Saturday, September 11, 2010

Validation with Excel: Percentile rank calculations in CB

Often times we would like to validate the results that we are getting from CB with a hand-calculated version of the model in Excel. The standard way of doing this is to check if the statistics of a forecast match with those we calculate through Excel. It is easy: we can extract all the trial values for a forecast using the 'Extract data' feature, and then use the corresponding Excel function to calculate various statistics on those values. Quite often, we find that the values reported by CB are not matching with those calculated using Excel functions. In this post, I will try to explain the difference for one such function as implemented in Crystal Ball and Excel. Of course, we do not have any visibility in how Excel has implemented these functions. Readers are welcome to provide corrections or references on these comments. Another note: I am using Excel 2003 as the Excel reference implementation in these posts. If you are aware of any difference in Excel implementation in subsequent versions, please leave a comment.

In this post, we will detail about the function for calculating the  percentile rank of a given number in a ordered dataset.
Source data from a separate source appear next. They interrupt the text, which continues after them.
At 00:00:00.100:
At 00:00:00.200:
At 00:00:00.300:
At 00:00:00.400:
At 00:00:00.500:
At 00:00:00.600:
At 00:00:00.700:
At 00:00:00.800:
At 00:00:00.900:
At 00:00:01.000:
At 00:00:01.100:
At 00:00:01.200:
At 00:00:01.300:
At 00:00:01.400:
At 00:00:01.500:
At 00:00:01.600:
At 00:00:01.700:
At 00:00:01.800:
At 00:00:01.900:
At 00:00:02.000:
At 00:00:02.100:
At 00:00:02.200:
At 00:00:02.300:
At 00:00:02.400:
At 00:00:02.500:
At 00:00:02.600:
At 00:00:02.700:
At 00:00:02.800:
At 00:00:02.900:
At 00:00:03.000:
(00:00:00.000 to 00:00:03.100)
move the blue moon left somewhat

The function to use in Excel for this purpose is PERCENTILERANK(array, x, significance). Quoting Excel help:
Returns the rank of a value in a data set as a percentage of the data set. This function can be used to evaluate the relative standing of a value within a data set.
One important aspect of the calculation mentioned in the Excel help page is the following:
If x does not match one of the values in array, PERCENTRANK interpolates to return the correct percentage rank.
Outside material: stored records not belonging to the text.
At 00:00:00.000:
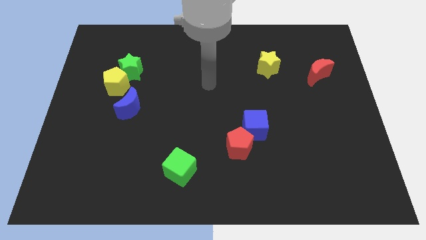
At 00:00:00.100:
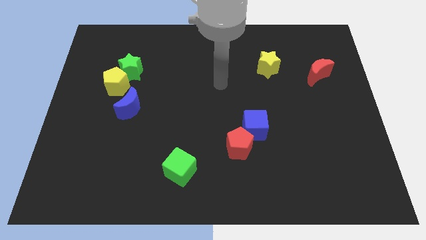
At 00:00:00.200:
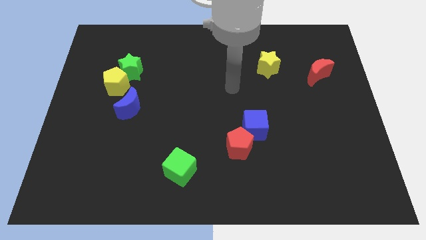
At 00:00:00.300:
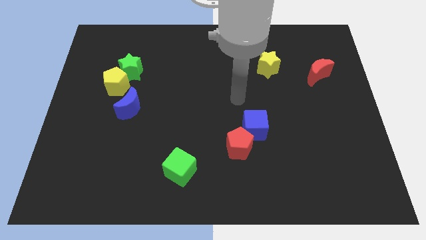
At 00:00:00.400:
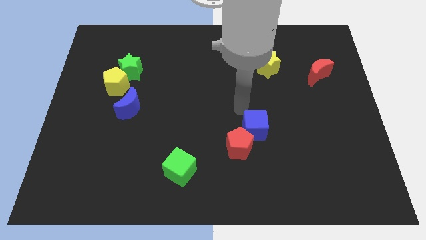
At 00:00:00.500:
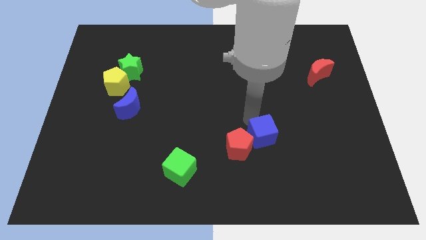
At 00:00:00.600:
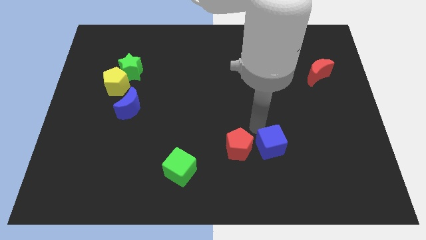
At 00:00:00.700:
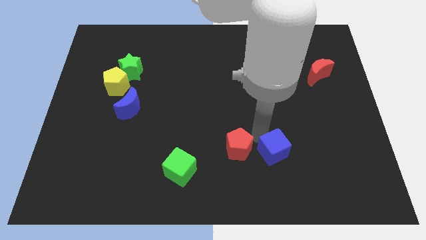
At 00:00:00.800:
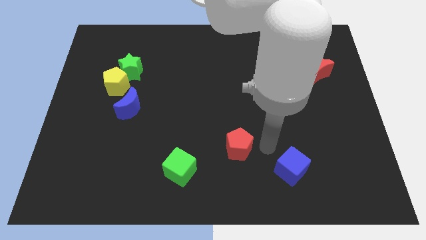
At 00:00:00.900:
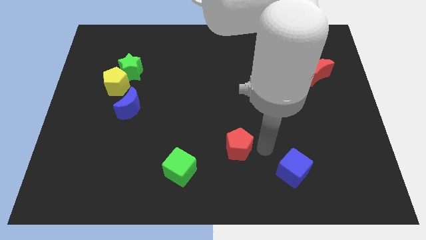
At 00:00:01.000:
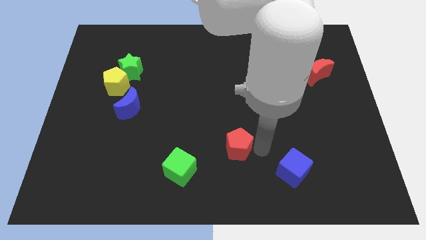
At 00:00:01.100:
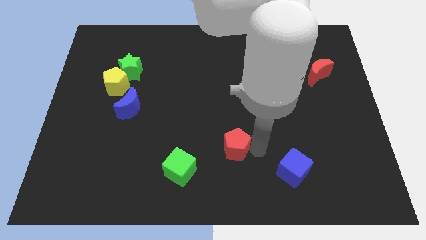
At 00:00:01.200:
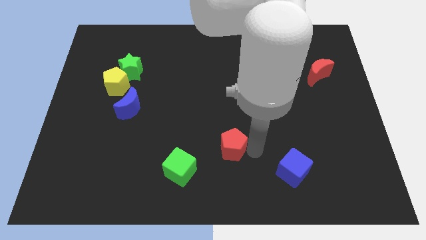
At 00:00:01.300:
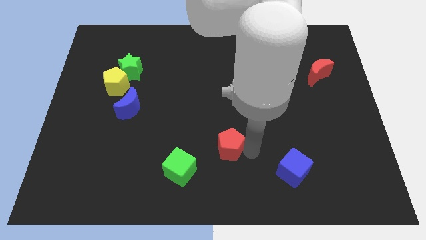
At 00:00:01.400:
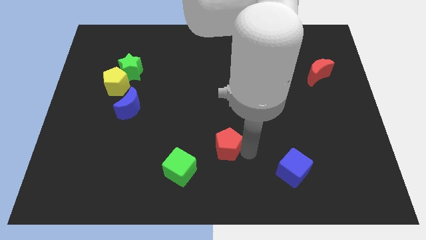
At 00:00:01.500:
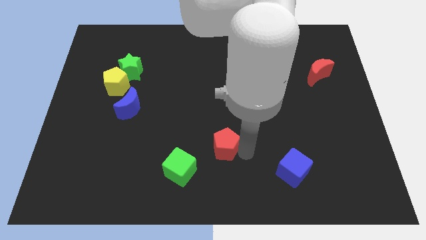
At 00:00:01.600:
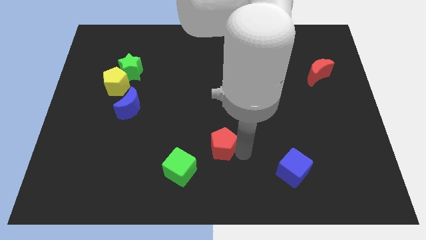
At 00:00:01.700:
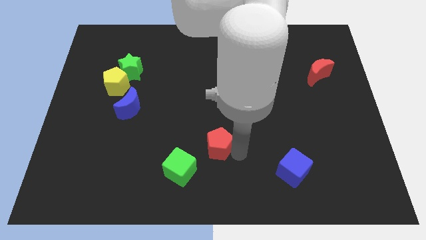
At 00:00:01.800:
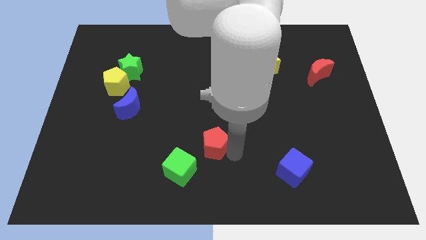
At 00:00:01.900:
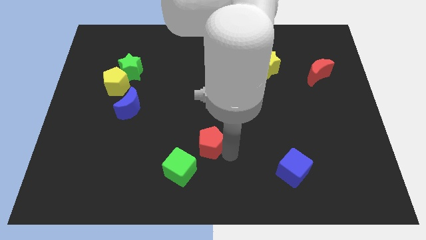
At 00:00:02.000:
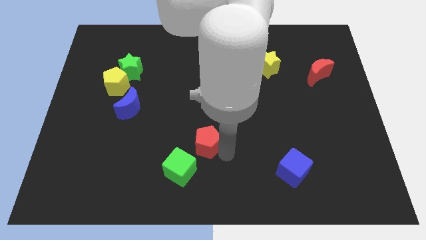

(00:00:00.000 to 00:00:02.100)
slide the red pentagon a bit left

It is this interpolation method where CB differs from Excel. First off, just like there is no standard definition of percentile, there is no standard definition of percentile rank either. All the formulas available in the literature yield similar results, but not the exact same. In CB, to calculate the interpolation, we use the 1-based index of the values just below and above x in the sorted version of the original array. We do not know how Excel carries out the calculation, but in our tests, final Excel result can differ substantially from CB result.